Work to be completed:
Copy out the data below. Leave nothing out and alter nothing.

Input material:
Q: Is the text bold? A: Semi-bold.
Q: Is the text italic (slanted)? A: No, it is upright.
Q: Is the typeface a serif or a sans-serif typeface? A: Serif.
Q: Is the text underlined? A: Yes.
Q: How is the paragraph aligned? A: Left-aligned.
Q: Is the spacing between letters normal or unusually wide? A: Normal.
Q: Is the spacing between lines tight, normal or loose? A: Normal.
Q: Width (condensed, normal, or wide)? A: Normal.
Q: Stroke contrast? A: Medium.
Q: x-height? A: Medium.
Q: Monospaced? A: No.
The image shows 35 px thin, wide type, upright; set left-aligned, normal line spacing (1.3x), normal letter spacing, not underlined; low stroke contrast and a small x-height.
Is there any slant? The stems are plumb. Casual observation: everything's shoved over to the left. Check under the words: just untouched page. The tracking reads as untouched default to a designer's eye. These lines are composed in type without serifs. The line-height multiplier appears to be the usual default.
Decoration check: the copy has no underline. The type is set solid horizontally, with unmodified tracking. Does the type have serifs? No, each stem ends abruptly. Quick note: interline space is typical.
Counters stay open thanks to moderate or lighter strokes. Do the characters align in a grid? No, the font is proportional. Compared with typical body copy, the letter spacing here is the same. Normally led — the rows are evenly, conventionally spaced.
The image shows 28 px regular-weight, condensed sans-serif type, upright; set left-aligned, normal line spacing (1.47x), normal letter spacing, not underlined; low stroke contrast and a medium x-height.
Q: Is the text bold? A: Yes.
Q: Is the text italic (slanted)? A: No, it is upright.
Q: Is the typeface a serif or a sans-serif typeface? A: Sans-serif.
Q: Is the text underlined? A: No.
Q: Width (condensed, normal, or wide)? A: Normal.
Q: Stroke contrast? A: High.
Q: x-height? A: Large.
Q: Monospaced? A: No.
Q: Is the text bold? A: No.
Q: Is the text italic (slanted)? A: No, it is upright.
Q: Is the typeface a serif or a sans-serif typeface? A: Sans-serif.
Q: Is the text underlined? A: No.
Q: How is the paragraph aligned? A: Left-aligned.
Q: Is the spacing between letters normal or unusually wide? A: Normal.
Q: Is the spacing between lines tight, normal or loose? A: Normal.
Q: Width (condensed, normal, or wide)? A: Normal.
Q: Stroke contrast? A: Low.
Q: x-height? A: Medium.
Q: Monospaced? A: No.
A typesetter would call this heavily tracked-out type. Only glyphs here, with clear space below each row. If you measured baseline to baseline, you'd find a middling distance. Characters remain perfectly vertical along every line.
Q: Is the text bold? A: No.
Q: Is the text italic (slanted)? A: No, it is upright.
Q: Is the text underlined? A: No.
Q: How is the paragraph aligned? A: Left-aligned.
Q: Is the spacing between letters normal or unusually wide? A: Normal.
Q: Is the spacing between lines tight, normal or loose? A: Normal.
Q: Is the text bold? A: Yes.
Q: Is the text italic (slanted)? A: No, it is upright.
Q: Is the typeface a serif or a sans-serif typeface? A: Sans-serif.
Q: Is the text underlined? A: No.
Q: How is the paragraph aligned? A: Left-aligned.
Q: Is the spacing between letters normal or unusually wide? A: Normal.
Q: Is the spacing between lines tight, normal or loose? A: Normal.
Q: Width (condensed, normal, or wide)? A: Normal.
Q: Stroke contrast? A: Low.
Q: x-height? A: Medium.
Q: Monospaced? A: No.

Answer to the problem:
Q: Is the text bold? A: Semi-bold.
Q: Is the text italic (slanted)? A: No, it is upright.
Q: Is the typeface a serif or a sans-serif typeface? A: Serif.
Q: Is the text underlined? A: Yes.
Q: How is the paragraph aligned? A: Left-aligned.
Q: Is the spacing between letters normal or unusually wide? A: Normal.
Q: Is the spacing between lines tight, normal or loose? A: Normal.
Q: Width (condensed, normal, or wide)? A: Normal.
Q: Stroke contrast? A: Medium.
Q: x-height? A: Medium.
Q: Monospaced? A: No.
The image shows 35 px thin, wide type, upright; set left-aligned, normal line spacing (1.3x), normal letter spacing, not underlined; low stroke contrast and a small x-height.
Is there any slant? The stems are plumb. Casual observation: everything's shoved over to the left. Check under the words: just untouched page. The tracking reads as untouched default to a designer's eye. These lines are composed in type without serifs. The line-height multiplier appears to be the usual default.
Decoration check: the copy has no underline. The type is set solid horizontally, with unmodified tracking. Does the type have serifs? No, each stem ends abruptly. Quick note: interline space is typical.
Counters stay open thanks to moderate or lighter strokes. Do the characters align in a grid? No, the font is proportional. Compared with typical body copy, the letter spacing here is the same. Normally led — the rows are evenly, conventionally spaced.
The image shows 28 px regular-weight, condensed sans-serif type, upright; set left-aligned, normal line spacing (1.47x), normal letter spacing, not underlined; low stroke contrast and a medium x-height.
Q: Is the text bold? A: Yes.
Q: Is the text italic (slanted)? A: No, it is upright.
Q: Is the typeface a serif or a sans-serif typeface? A: Sans-serif.
Q: Is the text underlined? A: No.
Q: Width (condensed, normal, or wide)? A: Normal.
Q: Stroke contrast? A: High.
Q: x-height? A: Large.
Q: Monospaced? A: No.
Q: Is the text bold? A: No.
Q: Is the text italic (slanted)? A: No, it is upright.
Q: Is the typeface a serif or a sans-serif typeface? A: Sans-serif.
Q: Is the text underlined? A: No.
Q: How is the paragraph aligned? A: Left-aligned.
Q: Is the spacing between letters normal or unusually wide? A: Normal.
Q: Is the spacing between lines tight, normal or loose? A: Normal.
Q: Width (condensed, normal, or wide)? A: Normal.
Q: Stroke contrast? A: Low.
Q: x-height? A: Medium.
Q: Monospaced? A: No.
A typesetter would call this heavily tracked-out type. Only glyphs here, with clear space below each row. If you measured baseline to baseline, you'd find a middling distance. Characters remain perfectly vertical along every line.
Q: Is the text bold? A: No.
Q: Is the text italic (slanted)? A: No, it is upright.
Q: Is the text underlined? A: No.
Q: How is the paragraph aligned? A: Left-aligned.
Q: Is the spacing between letters normal or unusually wide? A: Normal.
Q: Is the spacing between lines tight, normal or loose? A: Normal.
Q: Is the text bold? A: Yes.
Q: Is the text italic (slanted)? A: No, it is upright.
Q: Is the typeface a serif or a sans-serif typeface? A: Sans-serif.
Q: Is the text underlined? A: No.
Q: How is the paragraph aligned? A: Left-aligned.
Q: Is the spacing between letters normal or unusually wide? A: Normal.
Q: Is the spacing between lines tight, normal or loose? A: Normal.
Q: Width (condensed, normal, or wide)? A: Normal.
Q: Stroke contrast? A: Low.
Q: x-height? A: Medium.
Q: Monospaced? A: No.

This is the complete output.